魔法石の密造人/黒曜石と水晶とどっちが良い?
3
 翌日の晩に、私は一人で墓地の近くの森に赴いた。
 一人で、に見えるように。
 同じ場所で彼も待ち構えていて、二人がかりで襲ってきた魔族を殺すつもりだった。私が囮になって、釣りだす作戦なのだ。あんまりあからさますぎるから、しばらく待って襲って来なければ、彼も顔を出して「深夜の密会デート」を装う。
 つまり、夜のデートで襲われた女(私)をお相手なり通りがかりの男(素性不明)が偶然に所持していた魔法石器で助けるという筋書きだ。これならば実行者を曖昧にして、彼が復讐した事実も幾分なりとも隠しやすいはず。
 もし彼が一人でやれば「あいつの仕業だ、復讐したんだ」と推測されやすい(以後は狙われて安穏とは生きていけない)。私だって、付呪の特殊なスキルはできるだけ隠しておきたい。幸いに、魔法石器は使用すれば砕け散って現物が残らないから、証拠品から製造元・製作者を探られるリスクは低いのでないか。

「こんなに幾つも?」

 私があと三つの、秘密裏に自分で作った魔法石器を見せると、彼は驚いていた。

「たぶん、消費期限が近いから、複数売りだったのかも。あの行商の人、ひょっとしたら軍の関係者かもだけど、「威力が落ちてたり不発かもしれないから、一個だけでは確実じゃないから二三個でセットくらいの気で持っておけ」みたいなこと言ってた。一つ試してみたら、それなりに効きそうだったんだけど」

 あくまでも建前としては、偶然に軍かどこかの期限切れ近い放出品を安く手に入れたことにしておく。それで、彼には黒曜石を三つ渡した。「お守りだから」と嘘を吐いて、水晶も一つ持たせて。
 私は黒曜石を一つ持っていることにしているけれども、本当は黒曜石十個と水晶を三つ(水晶の一つは、彼にあげたのと同じに首から細い鎖でぶら下げた)。いざとなったらこれで足りるだろう。
 あまり大量に渡せば流石に出所をいぶかしまれるだろうし(きっと彼も不思議には思っているはず)、必要なら自分が乱射してもいい。経験のない彼よりも自分の方が落ち着いて行動できる可能性も高いし、魔族が襲うならまず若い女性の自分を狙って、しかも非力だと油断してくれるかもしれない。確実に仕留めるために一度に二つ三つの黒曜石を投げても、使ってしまえば飛散して証拠は残らないから、「たまたま自分の手持ちは威力の大きな当たり玉だったか、それとも期限切れ間近で不安定でかえって破壊力が出たのか」などとごまかせる。
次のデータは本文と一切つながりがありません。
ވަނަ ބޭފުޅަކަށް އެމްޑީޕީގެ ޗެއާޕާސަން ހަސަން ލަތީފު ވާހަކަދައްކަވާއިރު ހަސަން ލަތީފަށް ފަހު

あとで状況次第では自分の秘密を打ち明けることも、考えの片隅にはあった。
 これでも過去に一度だけだが、夜道で魔族に襲われたのを返り討ちに殺したことがある(二年くらい前のことだ)。そういう事例が同じ地域であるだけでも、魔族たちには心理的な牽制になるはず。武器を持っていて逆襲される可能性があるだけでも、襲う側は躊躇や用心するだろうから。

(やっぱり、先に全部話しておいた方が良かっただろうか? もう一つくらい持たせてあげたら良かったかもしれない)

 夜の墓地で立ったまま、魔族の襲撃を待ち受けながら考える。
 先に全てを打ち明けて作戦を立てれば、その方がよりお互いに安全で確実だったかもしれない(逆に有利と感じて油断してしまうかもしれないから、どちらとも言えないが)。だがベラベラと自分の生死や人生に関わる秘密を明かしてしまう気にはなれない。彼はあのとき「私を選ばなかった」のだし、盲目的に勢いだけで喋ってしまうのは賢くないと思う。どこか屈折したわだかまりもあった。
 周囲を警戒しながらも、頭の片隅で考える。
 せめて「予備の石が手に入った」くらいは話しても差し支えないだろう。細かい説明はあとで考えるとしても。

(出てきて合流したら、ちょっとだけ簡単に話しておこうかな?)

 彼が「デートの相手」としてまだ近くに出て来ないのが待ち遠しい。そんな暢気な不満を持っている場合ではないのかもしれないが、寂しさや心細さや寂寥感もある。
 いつ襲ってくるかもわからない魔族を待ち受けているのだし、ほとんど釣りみたいなものだ。ひょっとしたら今晩は何事もなく終わるかもしれないのだし、あとは二人で平穏無事に過ごせるのかもしれない。
 後ろめたさはあったが、どこか私は利己的な期待や恋心で、こんなことをやっているのかもしれない。殺された新妻と赤ちゃんに同情していたのは本当なのだが、利害関係からすれば、自分は受益者になりうるのがやるせない。だから自分なりの義理もあって、こんな冒険をやっている。